May 13, 2018
I disdain mountaintop development. Many times I have told my wife that if I was a billionaire, I would buy the eyesore known as the Sugar Mountain Resort and tear it down. There is nothing worse than climbing a peak and gazing upon the horizon to see a gaudy mountain chalet’s window glinting in the sunshine. With the advent of halfbacks (people from up north that move to Florida, then move halfway back to North Carolina), urbanization of mountaintops has increased exponentially in the past twenty (20) years. Luckily, concerned citizens and conservation groups have stepped into the fold to protect some of our most important landmarks.
Such was the case in the Meat Camp area of Watauga County in the 1990’s and early 2000’s. Located at the headwaters of the North Fork of the New River (one of the oldest rivers in the world). Elk Knob Mountain area was considered for a subdivision and housing. The Nature Conservancy stepped in with local owners to protect it. (*1)

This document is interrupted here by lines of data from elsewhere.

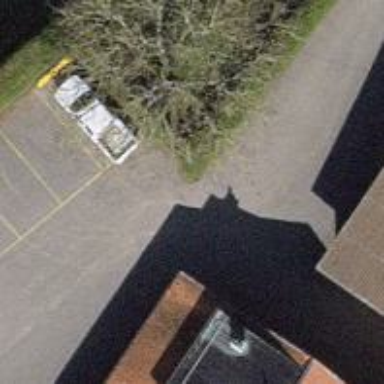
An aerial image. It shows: Driveway.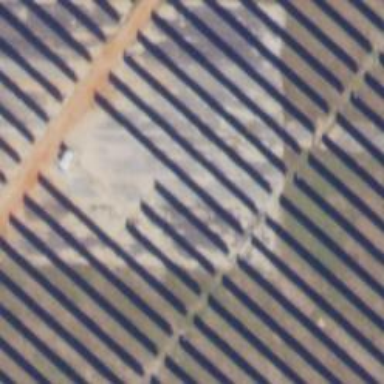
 consisting of solar photovoltaic panels."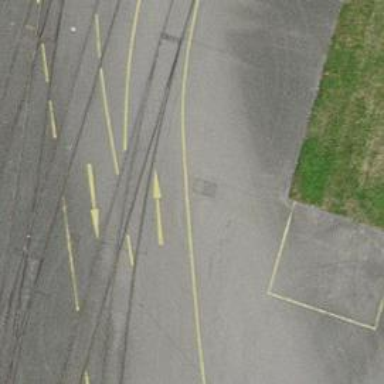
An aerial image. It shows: Railway switch.

Elk Knob is a beauteous area, the summit juts from the forest floor to give some great views of Mt. Rogers, Mt. Mitchell and the Roan Mountains. It contains “a series of amphibolite mountains in the southern Appalachian range. The area contains a high diversity of natural communities, many of them uncommon.” This enables “rare and endangered plants such as Gray’s lily, trailing wolfsbane, large purple fringed orchid, and flame azaleas are found in the natural area.” (*2).
For our first foray into the North Carolina State Park Passport Program, we visited a park very near our home. It’s a short drive from downtown Boone to Meat Camp, NC. While one of the most unique town names, Meat Camp “was the location where hunters stored their dressed animal carcasses until they were ready to return to their homes in the lowlands.” (*3).
The Summit Trail extends from the main parking lot 1.9 miles straight to the top. It’s a gradual uphill hike with many easy switchbacks. Alice was able to hike a majority of it (sans the rocky parts) with relative ease. We stopped after one (1) mile to take in a great view to the north and eat a snack. Many people were on the trails for Mother’s Day and we enjoyed many nice conversations with people.
The wildflowers were out and Alice enjoyed stopping at the Trillium to gaze at its beauty. The best park of Elk Knob are the numerous grass fields for the first mile. With the perfect weather it was a great first trip to the N.C. State Parks.
Total mileage is 3.8 miles.
(*3) Sakowski, Carolyn (2011). Touring the Western North Carolina Backroads. John F. Blair.